Ho aderito all’invito degli Amici del Loggione del Teatro alla Scala il 25 settembre, nell’occasione di un incontro con Riccardo Chailly, nuovo direttore musicale del teatro. “Un incarico – dice lui schernendosi – non ancora formalizzato”.

Giunge puntuale, sorridente e gli si legge in viso l’agio di chi si sente a casa propria. E cosi è: milanese, assistente di Claudio Abbado, che alla Scala lo ha fatto debuttare nel 1978 ne “I Masnadieri” di Verdi. Quindi una lunga e per certi versi eroica parabola sul podio della Verdi, ai tempi vero workshop milanese della musica classica. A lui, infine, il compito di commemorare il suo mentore, con una Messa da Requiem di Verdi che dispiega un cast stellare.

Nella sala della gloriosa Associazione si avverte il fermento e la voglia di tutti di riappropriarsi appieno della tradizione scaligera e di trovarne finalmente un interprete. Questa rassicurante speranza passa dalle mirate parole di Chailly alle trepidanti domande del pubblico: le attese sono molte, le buone intenzioni, ci sembra, altrettante.

Il Maestro infatti rassicura il pubblico sulle scelte di future stagioni dal Dna italiano, allettando tutti noi con una velata promessa di sviluppare negli anni addirittura l’integrale pucciniana – Edgar compreso – e di attingere con dovizia al repertorio verista, da troppo tempo messo in disparte.

Certo non poteva parlare diversamente, in quella che, ormai solo all’estero, viene considerata la turbolenta arena che si inebria del sangue degli artisti, fischiati e impediti dal continuare. Lui stesso ha ricordato l’infausta serata in cui diresse l’Aida che Alagna disertò nel primo atto, subissato di fischi e rimpiazzato, con stile improbabile, dal cover in jeans.

Ma la cifra della serata è stata la vivificante conferma dell’umiltà e generosità di Chailly.

L’opera è in crisi, il combustibile scarseggia, molti dei suoi eroi sono spuntati e il suo pubblico è mesto: occorrono energia e approcci entusiasti, del tutto coinvolgenti. In tale prospettiva si è posta la figura di Riccardo Chailly. Il paragone è d’obbligo con Riccardo Muti, che è balzato nelle cronache recentissime per le devastanti vicende riguardanti l’Opera di Roma, culminate nel licenziamento di orchestra e coro. Devo concordare con Zeffirelli, che in una intervista rilasciata all’Ansa il 3 ottobre scorso, non esime Muti da responsabilità dirette negli eventi romani.
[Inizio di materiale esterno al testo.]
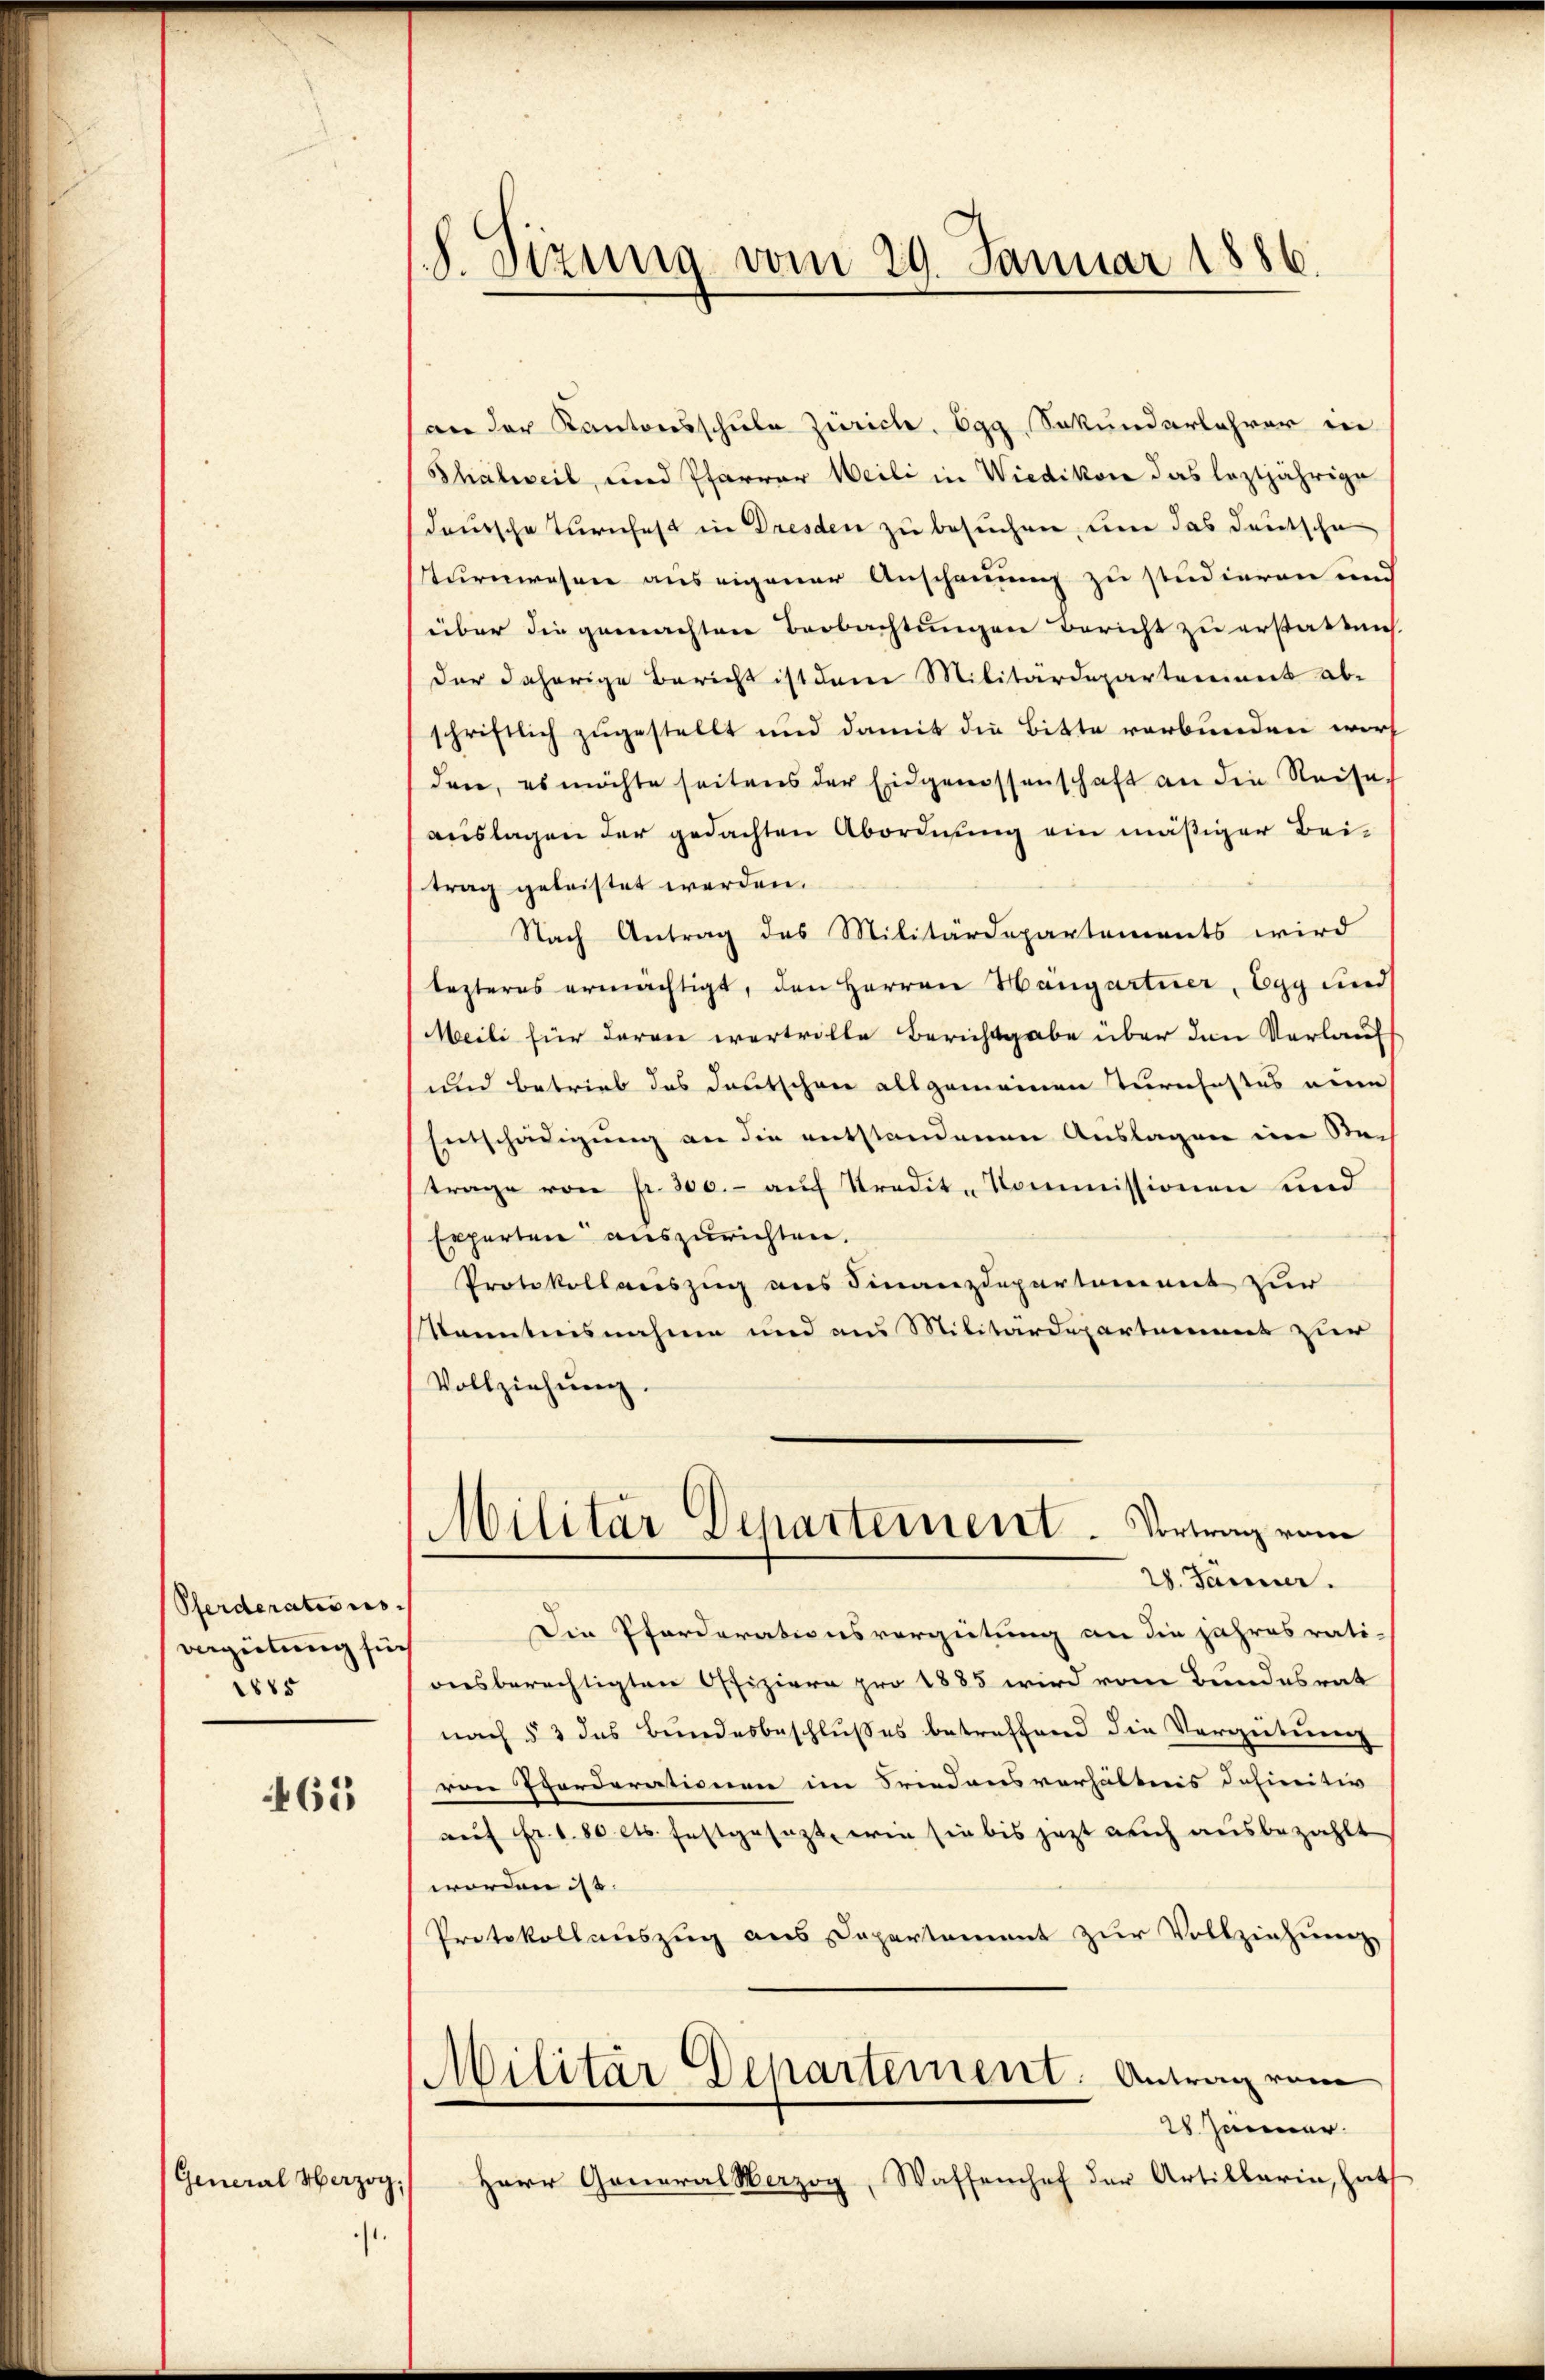
(Pferderations-
vergütung für
1815

65

General Herzog.

.

/S. Tizung vom 29. Januar 1886.

an der Kantonsschule Zürich. Egg, Sekundarlehrer in
Thalweil, und Pfarrer Weili in Wiedikon das leztjährige
dauische Turnhaft in Dresden zu besuchen, um das deutsche
Turnwesen aus eigener Anschauung zu studieren und
über die gemachten Beobachtungen Bericht zu erstatte
der daherige Bericht ist dem Militärdepartement ab-
schriftlich zugestellt und damit die Bitte verbunden worf
den, es möchte seitens der Eidgenossenschaft an die Reise
auslagen der gedachten Abordnung ein mäßiger Bei-
trag geleistet werden.
Nach Antrag des Militärdepartements wird
lezteres ermächtigt, den Herren Hangartner, Egg und
Meili für deren wertvolle Berichtgabe über den Verlauf
und Betrieb das Deutschen allgemeinen Turnfestes eine
Entschädigung an die entstandenen Auslagen in Be-
trage von fr. 300.- auf Kredit-Kommissionen und
Experten auszurichten.
Protokollauszug aus Finanzdepartement zur
Kenntnisnahme und aus Militärdepartement zur
Vollziehung
Militar Departement. Vortrag vom
28. Jänner.
Die Pferderationsvergütung an die Jahresrati-
onsberechtigten Offiziere pro 1885 wird vom Bundesrat
nach § 3 das Bundesbeschlußes betreffend die Vergütung
ren Eporderationen im Friedensverhältnis definitiv
auf Fr. 180 cts. festgesezt, wie sie bis jetzt auch ausbezahlt
worden ist. |
Protokollauszug aus Departament zŭr Vollziehung
Militär Departement. Antrag vom
28. Jänner.
Herr General Herzog, Waffenhof der Artillarin, hat

Certe asprezze dell’approccio del direttore, algido e un poco altero, gli sono già costate la crisi e poi la fine del suo rapporto col Teatro alla Scala nel 2005, relegandolo all’oscuro podio dell’Orchestra Giovanile di Piacenza. Tale vistosissimo limite dunque, che l’età ha comunque mitigato, fatti salvi i meriti del musicista Muti, non ha certo aiutato i suoi rapporti con le maestranze e l’organico dell’Opera di Roma, forse la piazza più problematica d’Italia, vessata da anni di angosce amministrative e gestionali.

Il direttore che indugia troppo all’autocelebrazione mortifica la sua artisticità, mostrando la sua fragilità umana invece di alimentare l’aura quasi sacrale che dal podio emana. Quello solo è il piedistallo che gli è concesso e da lì solamente può proclamare la sua grandezza, se ne è in grado. D’altro canto, nelle sue esternazioni deve dimostrare una vocazione ad andare irresistibilmente verso il suo pubblico, unico depositario del suo successo.

Un particolare ci conferma quanto questa sia la natura di Chailly, del tutto distante da quella del direttore pugliese. Infatti, per l’incompiuta Turandot, in programma nella incipiente stagione, ha scelto il finale di Berio, più raccolto e riflessivo di quello un po’ trionfalistico di Alfano, “Perché, dopotutto, Liù giace morta in scena”, precisa il Maestro..

Berio stesso, prima della sua scomparsa, ha illustrato a Chailly la gestazione di questo finale, la cui scelta dà corpo a un’appassionante promessa: un nuovo incontro con gli Amici del Loggione per illustrare al pianoforte e farci rivivere la genesi del finale, come Berio l’ha voluto. “Se volete…” – aggiunge il Maestro a un’incredula platea –  che a quel punto esplode in un sincerissimo applauso.